Аргументация св. Августина, опровергающая манихейское учение, складывается из следующих положений: принципиальная субъективность в оценке конкретных вещей (принадлежность по умолчанию всего живого к темной или светлой природе); зло не может в философском смысле обосновать свое существование; злое начало на основании своей самостоятельности является вторым богом; некорректное использование термина hyle дискредитирует манихейскую терминологию; если бы у манихеев было представление о свободе воли, оно устранило бы необходимость во второй природе.

Carnalia phantasmata. Поскольку св. Августин исходит из того, что все манихейское учение изначально является искажением, выдумкой, то в его словоупотреблении присутствуют многочисленные эпитеты, определяющие само учение и его положения в качестве фантастических, воображаемых, надуманных, пустых и ложных (phantasmae, fictae, nugae, falsae, vanae, fallaciae etc. и производные от них). Некоторые из этих слов не имеют однозначно негативных коннотаций, но используются в негативном контексте, поскольку манихейские "сказки" или "басни" с точки зрения Церкви весьма небезобидно и наполнено не просто выдумками и фантазиями, но и вполне лживыми и коварными идеями. Причем св. Августин представляет манихейскую мифологию через полный спектр человеческой несознательности — от puer ludibrum через muliebre avocamentum до aniculare deliramentum. Такой трехступенчатой риторической формой он отсылает к манихейской идее "трех веков", что в свою очередь выводит манихейское учение как некое (не вполне удачное) театральное представление — с завязкой (довольно скомканной), кульминацией (малодинамичной) и драматическим финалом (exitus theatricus, который тоже не особенно очевиден и имеет место только в случае неполного успеха в разделении света и тьмы и низвержении части неочистившихся от смешения частиц света в царство вечного мрака). Куделла отмечает, что на уровне лексики св. Августин дополнительно обыгрывает "губительный конец" этой трехчастной схемы — initium truncum et medium putridum et finem ruinosum — называя священный текст манихеев epistula ruinosi fundamenti: таким образом, начало и конец всей истории как бы замыкаются в своей разрушительной бессмысленности. Глава о воображаемых материях тематизирует манихейскую онтологию и мифологию с точки зрения ее полемического выражения св. Августином в качестве литературного вымысла, подобного античному театру, рассказывавшему истории о богах и героях, полному жестокости, непреодолимого рока и фантастических деталей. Глава дополнена тремя экскурсами — о возможном указании в c. Faust. 15 на манихейский гимн, описывающий структуру царства света; о возможной идентификации в манихейской мифологии homo primus и Христа; а также о предположительном месте эпизода с искушением архонтов в мифологической хронологии.

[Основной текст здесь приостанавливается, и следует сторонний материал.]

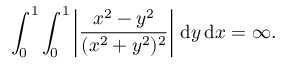
\int _ { 0 } ^ { 1 } \int _ { 0 } ^ { 1 } \left| { \frac { x ^ { 2 } - y ^ { 2 } } { ( x ^ { 2 } + y ^ { 2 } ) ^ { 2 } } } \right| \, { \mathrm { d } } y \, { \mathrm { d } } x = \infty .

Аргумент Небридия. Манихейский ответ на вопрос о происхождении зла в мире казался св. Августину неудовлетворительным еще в то время, когда он самым был слушателем и поклонником их учения, поскольку демонстрировал слабость логического обоснования вкупе с антинаучностью космологии и допущением об уязвимости/порочности творца мира. Дальнейшее богословское и риторическое развитие этого вопроса прослеживается во многих сочинениях Отца Церкви. В этой главе представлен ход дискуссии св. Августина с разными адресатами, упомянутыми выше, поскольку собственно манихейского контекста у вопроса unde malum нет, дискуссия принимает немного странную форму ответов на непоставленные вопросы и встречные вызовы в виде подтверждения манихейских догматов цитатами из Библии. С точки зрения св. Августина, несомненно, такая аргументация непоследовательна и неубедительна, но современный исследователь обращает внимание на то, что обе стороны исходят из принципиально разных мыслительных и логических рамок: с одной стороны, архаичная (ближневосточная?) многослойная картина мира, в которой дуализм является изначальным и основополагающим принципом, с другой — традиция, основанная на древнегреческой философии, научном рационализме и гармонизированном с ним христианском мировоззрении, в котором зло — это отсутствие блага, а не самостоятельно действующая сила. Проблема "межрелигиозной коммуникации" состоит в данном случае в нетождественности одноименных категорий и приписываемых им смыслов.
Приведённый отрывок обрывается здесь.